WORK INSTRUCTIONS:
Copy only what runs from the line containing "#3213 = CARTESIAN_POINT( '', ( -49.5, -75., 35." through the end of the material below, line for line, with both ends included.

GIVEN DATA:
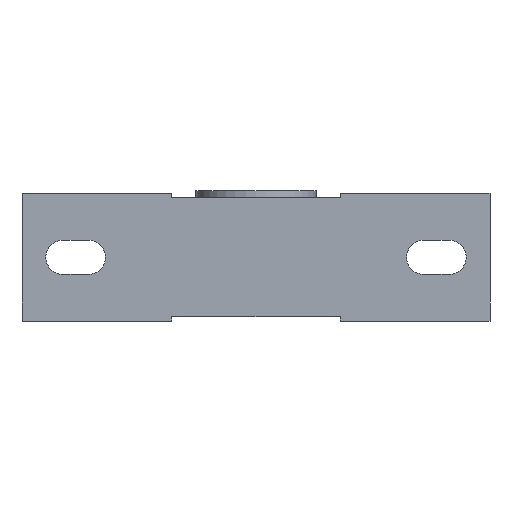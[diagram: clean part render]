
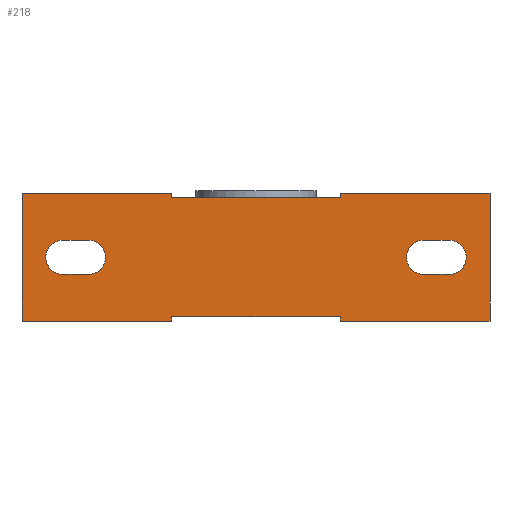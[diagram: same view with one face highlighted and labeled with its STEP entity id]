
A CAD part, front view. The second image highlights one B-rep face of the part: STEP entity #218.
In plain terms, the highlighted planar face has unit normal (0, -1, 0).
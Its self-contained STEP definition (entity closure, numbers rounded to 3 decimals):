
#218 = ADVANCED_FACE( '', ( #487, #488, #489 ), #490, .F. );
#487 = FACE_BOUND( '', #817, .T. );
#488 = FACE_BOUND( '', #818, .T. );
#489 = FACE_OUTER_BOUND( '', #819, .T. );
#490 = PLANE( '', #820 );
#817 = EDGE_LOOP( '', ( #1310, #1311, #1312, #1313 ) );
#818 = EDGE_LOOP( '', ( #1314, #1315, #1316, #1317 ) );
#819 = EDGE_LOOP( '', ( #1318, #1319, #1320, #1321, #1322, #1323, #1324, #1325, #1326, #1327, #1328, #1329 ) );
#820 = AXIS2_PLACEMENT_3D( '', #1330, #1331, #1332 );
#1310 = ORIENTED_EDGE( '', *, *, #1789, .T. );
#1311 = ORIENTED_EDGE( '', *, *, #1942, .T. );
#1312 = ORIENTED_EDGE( '', *, *, #1943, .T. );
#1313 = ORIENTED_EDGE( '', *, *, #1944, .T. );
#1314 = ORIENTED_EDGE( '', *, *, #1884, .T. );
#1315 = ORIENTED_EDGE( '', *, *, #1945, .T. );
#1316 = ORIENTED_EDGE( '', *, *, #1889, .T. );
#1317 = ORIENTED_EDGE( '', *, *, #1946, .T. );
#1318 = ORIENTED_EDGE( '', *, *, #1947, .F. );
#1319 = ORIENTED_EDGE( '', *, *, #1938, .F. );
#1320 = ORIENTED_EDGE( '', *, *, #1806, .F. );
#1321 = ORIENTED_EDGE( '', *, *, #1948, .F. );
#1322 = ORIENTED_EDGE( '', *, *, #1949, .F. );
#1323 = ORIENTED_EDGE( '', *, *, #1950, .F. );
#1324 = ORIENTED_EDGE( '', *, *, #1951, .F. );
#1325 = ORIENTED_EDGE( '', *, *, #1952, .F. );
#1326 = ORIENTED_EDGE( '', *, *, #1953, .F. );
#1327 = ORIENTED_EDGE( '', *, *, #1954, .F. );
#1328 = ORIENTED_EDGE( '', *, *, #1873, .F. );
#1329 = ORIENTED_EDGE( '', *, *, #1878, .F. );
#1330 = CARTESIAN_POINT( '', ( 0., -75., 0. ) );
#1331 = DIRECTION( '', ( 0., 1., 0. ) );
#1332 = DIRECTION( '', ( 0., 0., 1. ) );
#1789 = EDGE_CURVE( '', #2091, #2092, #2093, .T. );
#1806 = EDGE_CURVE( '', #2122, #2123, #2124, .T. );
#1873 = EDGE_CURVE( '', #2231, #2232, #2233, .T. );
#1878 = EDGE_CURVE( '', #2240, #2231, #2241, .T. );
#1884 = EDGE_CURVE( '', #2249, #2250, #2251, .T. );
#1889 = EDGE_CURVE( '', #2258, #2259, #2260, .T. );
#1938 = EDGE_CURVE( '', #2123, #2332, #2333, .T. );
#1942 = EDGE_CURVE( '', #2092, #2338, #2339, .T. );
#1943 = EDGE_CURVE( '', #2338, #2340, #2341, .T. );
#1944 = EDGE_CURVE( '', #2340, #2091, #2342, .T. );
#1945 = EDGE_CURVE( '', #2250, #2258, #2343, .T. );
#1946 = EDGE_CURVE( '', #2259, #2249, #2344, .T. );
#1947 = EDGE_CURVE( '', #2332, #2240, #2345, .T. );
#1948 = EDGE_CURVE( '', #2346, #2122, #2347, .T. );
#1949 = EDGE_CURVE( '', #2348, #2346, #2349, .T. );
#1950 = EDGE_CURVE( '', #2350, #2348, #2351, .T. );
#1951 = EDGE_CURVE( '', #2352, #2350, #2353, .T. );
#1952 = EDGE_CURVE( '', #2354, #2352, #2355, .T. );
#1953 = EDGE_CURVE( '', #2356, #2354, #2357, .T. );
#1954 = EDGE_CURVE( '', #2232, #2356, #2358, .T. );
#2091 = VERTEX_POINT( '', #2607 );
#2092 = VERTEX_POINT( '', #2608 );
#2093 = LINE( '', #2609, #2610 );
#2122 = VERTEX_POINT( '', #2650 );
#2123 = VERTEX_POINT( '', #2651 );
#2124 = LINE( '', #2652, #2653 );
#2231 = VERTEX_POINT( '', #2946 );
#2232 = VERTEX_POINT( '', #2947 );
#2233 = LINE( '', #2948, #2949 );
#2240 = VERTEX_POINT( '', #2959 );
#2241 = LINE( '', #2960, #2961 );
#2249 = VERTEX_POINT( '', #3054 );
#2250 = VERTEX_POINT( '', #3055 );
#2251 = LINE( '', #3056, #3057 );
#2258 = VERTEX_POINT( '', #3067 );
#2259 = VERTEX_POINT( '', #3068 );
#2260 = LINE( '', #3069, #3070 );
#2332 = VERTEX_POINT( '', #3176 );
#2333 = LINE( '', #3177, #3178 );
#2338 = VERTEX_POINT( '', #3185 );
#2339 = CIRCLE( '', #3186, 10. );
#2340 = VERTEX_POINT( '', #3187 );
#2341 = LINE( '', #3188, #3189 );
#2342 = CIRCLE( '', #3190, 10. );
#2343 = CIRCLE( '', #3191, 10. );
#2344 = CIRCLE( '', #3192, 10. );
#2345 = LINE( '', #3193, #3194 );
#2346 = VERTEX_POINT( '', #3195 );
#2347 = LINE( '', #3196, #3197 );
#2348 = VERTEX_POINT( '', #3198 );
#2349 = LINE( '', #3199, #3200 );
#2350 = VERTEX_POINT( '', #3201 );
#2351 = LINE( '', #3202, #3203 );
#2352 = VERTEX_POINT( '', #3204 );
#2353 = LINE( '', #3205, #3206 );
#2354 = VERTEX_POINT( '', #3207 );
#2355 = LINE( '', #3208, #3209 );
#2356 = VERTEX_POINT( '', #3210 );
#2357 = LINE( '', #3211, #3212 );
#2358 = LINE( '', #3213, #3214 );
#2607 = CARTESIAN_POINT( '', ( -98.5, -75., -10. ) );
#2608 = CARTESIAN_POINT( '', ( -113.5, -75., -10. ) );
#2609 = CARTESIAN_POINT( '', ( -98.5, -75., -10. ) );
#2610 = VECTOR( '', #3575, 1000. );
#2650 = CARTESIAN_POINT( '', ( -49.5, -75., -35. ) );
#2651 = CARTESIAN_POINT( '', ( -49.5, -75., -37.5 ) );
#2652 = CARTESIAN_POINT( '', ( -49.5, -75., -35. ) );
#2653 = VECTOR( '', #3593, 1000. );
#2946 = CARTESIAN_POINT( '', ( -49.5, -75., 37.5 ) );
#2947 = CARTESIAN_POINT( '', ( -49.5, -75., 35. ) );
#2948 = CARTESIAN_POINT( '', ( -49.5, -75., 37.5 ) );
#2949 = VECTOR( '', #3667, 1000. );
#2959 = CARTESIAN_POINT( '', ( -137.5, -75., 37.5 ) );
#2960 = CARTESIAN_POINT( '', ( -137.5, -75., 37.5 ) );
#2961 = VECTOR( '', #3671, 1000. );
#3054 = CARTESIAN_POINT( '', ( 113.5, -75., -10. ) );
#3055 = CARTESIAN_POINT( '', ( 98.5, -75., -10. ) );
#3056 = CARTESIAN_POINT( '', ( 113.5, -75., -10. ) );
#3057 = VECTOR( '', #3674, 1000. );
#3067 = CARTESIAN_POINT( '', ( 98.5, -75., 10. ) );
#3068 = CARTESIAN_POINT( '', ( 113.5, -75., 10. ) );
#3069 = CARTESIAN_POINT( '', ( 98.5, -75., 10. ) );
#3070 = VECTOR( '', #3678, 1000. );
#3176 = CARTESIAN_POINT( '', ( -137.5, -75., -37.5 ) );
#3177 = CARTESIAN_POINT( '', ( -49.5, -75., -37.5 ) );
#3178 = VECTOR( '', #3727, 1000. );
#3185 = CARTESIAN_POINT( '', ( -113.5, -75., 10. ) );
#3186 = AXIS2_PLACEMENT_3D( '', #3730, #3731, #3732 );
#3187 = CARTESIAN_POINT( '', ( -98.5, -75., 10. ) );
#3188 = CARTESIAN_POINT( '', ( -113.5, -75., 10. ) );
#3189 = VECTOR( '', #3733, 1000. );
#3190 = AXIS2_PLACEMENT_3D( '', #3734, #3735, #3736 );
#3191 = AXIS2_PLACEMENT_3D( '', #3737, #3738, #3739 );
#3192 = AXIS2_PLACEMENT_3D( '', #3740, #3741, #3742 );
#3193 = CARTESIAN_POINT( '', ( -137.5, -75., -37.5 ) );
#3194 = VECTOR( '', #3743, 1000. );
#3195 = CARTESIAN_POINT( '', ( 49.5, -75., -35. ) );
#3196 = CARTESIAN_POINT( '', ( 49.5, -75., -35. ) );
#3197 = VECTOR( '', #3744, 1000. );
#3198 = CARTESIAN_POINT( '', ( 49.5, -75., -37.5 ) );
#3199 = CARTESIAN_POINT( '', ( 49.5, -75., -37.5 ) );
#3200 = VECTOR( '', #3745, 1000. );
#3201 = CARTESIAN_POINT( '', ( 137.5, -75., -37.5 ) );
#3202 = CARTESIAN_POINT( '', ( 137.5, -75., -37.5 ) );
#3203 = VECTOR( '', #3746, 1000. );
#3204 = CARTESIAN_POINT( '', ( 137.5, -75., 37.5 ) );
#3205 = CARTESIAN_POINT( '', ( 137.5, -75., 37.5 ) );
#3206 = VECTOR( '', #3747, 1000. );
#3207 = CARTESIAN_POINT( '', ( 49.5, -75., 37.5 ) );
#3208 = CARTESIAN_POINT( '', ( 49.5, -75., 37.5 ) );
#3209 = VECTOR( '', #3748, 1000. );
#3210 = CARTESIAN_POINT( '', ( 49.5, -75., 35. ) );
#3211 = CARTESIAN_POINT( '', ( 49.5, -75., 35. ) );
#3212 = VECTOR( '', #3749, 1000. );
#3213 = CARTESIAN_POINT( '', ( -49.5, -75., 35. ) );
#3214 = VECTOR( '', #3750, 1000. );
#3575 = DIRECTION( '', ( -1., 0., 0. ) );
#3593 = DIRECTION( '', ( 0., 0., -1. ) );
#3667 = DIRECTION( '', ( 0., 0., -1. ) );
#3671 = DIRECTION( '', ( 1., 0., 0. ) );
#3674 = DIRECTION( '', ( -1., 0., 0. ) );
#3678 = DIRECTION( '', ( 1., 0., 0. ) );
#3727 = DIRECTION( '', ( -1., 0., 0. ) );
#3730 = CARTESIAN_POINT( '', ( -113.5, -75., 0. ) );
#3731 = DIRECTION( '', ( 0., 1., 0. ) );
#3732 = DIRECTION( '', ( 1., 0., 0. ) );
#3733 = DIRECTION( '', ( 1., 0., 0. ) );
#3734 = CARTESIAN_POINT( '', ( -98.5, -75., 0. ) );
#3735 = DIRECTION( '', ( 0., 1., 0. ) );
#3736 = DIRECTION( '', ( 1., 0., 0. ) );
#3737 = CARTESIAN_POINT( '', ( 98.5, -75., 0. ) );
#3738 = DIRECTION( '', ( 0., 1., 0. ) );
#3739 = DIRECTION( '', ( 1., 0., 0. ) );
#3740 = CARTESIAN_POINT( '', ( 113.5, -75., 0. ) );
#3741 = DIRECTION( '', ( 0., 1., 0. ) );
#3742 = DIRECTION( '', ( 1., 0., 0. ) );
#3743 = DIRECTION( '', ( 0., 0., 1. ) );
#3744 = DIRECTION( '', ( -1., 0., 0. ) );
#3745 = DIRECTION( '', ( 0., 0., 1. ) );
#3746 = DIRECTION( '', ( -1., 0., 0. ) );
#3747 = DIRECTION( '', ( 0., 0., -1. ) );
#3748 = DIRECTION( '', ( 1., 0., 0. ) );
#3749 = DIRECTION( '', ( 0., 0., 1. ) );
#3750 = DIRECTION( '', ( 1., 0., 0. ) );

RESPONSE TO THE EXERCISE:
#3213 = CARTESIAN_POINT( '', ( -49.5, -75., 35. ) );
#3214 = VECTOR( '', #3750, 1000. );
#3575 = DIRECTION( '', ( -1., 0., 0. ) );
#3593 = DIRECTION( '', ( 0., 0., -1. ) );
#3667 = DIRECTION( '', ( 0., 0., -1. ) );
#3671 = DIRECTION( '', ( 1., 0., 0. ) );
#3674 = DIRECTION( '', ( -1., 0., 0. ) );
#3678 = DIRECTION( '', ( 1., 0., 0. ) );
#3727 = DIRECTION( '', ( -1., 0., 0. ) );
#3730 = CARTESIAN_POINT( '', ( -113.5, -75., 0. ) );
#3731 = DIRECTION( '', ( 0., 1., 0. ) );
#3732 = DIRECTION( '', ( 1., 0., 0. ) );
#3733 = DIRECTION( '', ( 1., 0., 0. ) );
#3734 = CARTESIAN_POINT( '', ( -98.5, -75., 0. ) );
#3735 = DIRECTION( '', ( 0., 1., 0. ) );
#3736 = DIRECTION( '', ( 1., 0., 0. ) );
#3737 = CARTESIAN_POINT( '', ( 98.5, -75., 0. ) );
#3738 = DIRECTION( '', ( 0., 1., 0. ) );
#3739 = DIRECTION( '', ( 1., 0., 0. ) );
#3740 = CARTESIAN_POINT( '', ( 113.5, -75., 0. ) );
#3741 = DIRECTION( '', ( 0., 1., 0. ) );
#3742 = DIRECTION( '', ( 1., 0., 0. ) );
#3743 = DIRECTION( '', ( 0., 0., 1. ) );
#3744 = DIRECTION( '', ( -1., 0., 0. ) );
#3745 = DIRECTION( '', ( 0., 0., 1. ) );
#3746 = DIRECTION( '', ( -1., 0., 0. ) );
#3747 = DIRECTION( '', ( 0., 0., -1. ) );
#3748 = DIRECTION( '', ( 1., 0., 0. ) );
#3749 = DIRECTION( '', ( 0., 0., 1. ) );
#3750 = DIRECTION( '', ( 1., 0., 0. ) );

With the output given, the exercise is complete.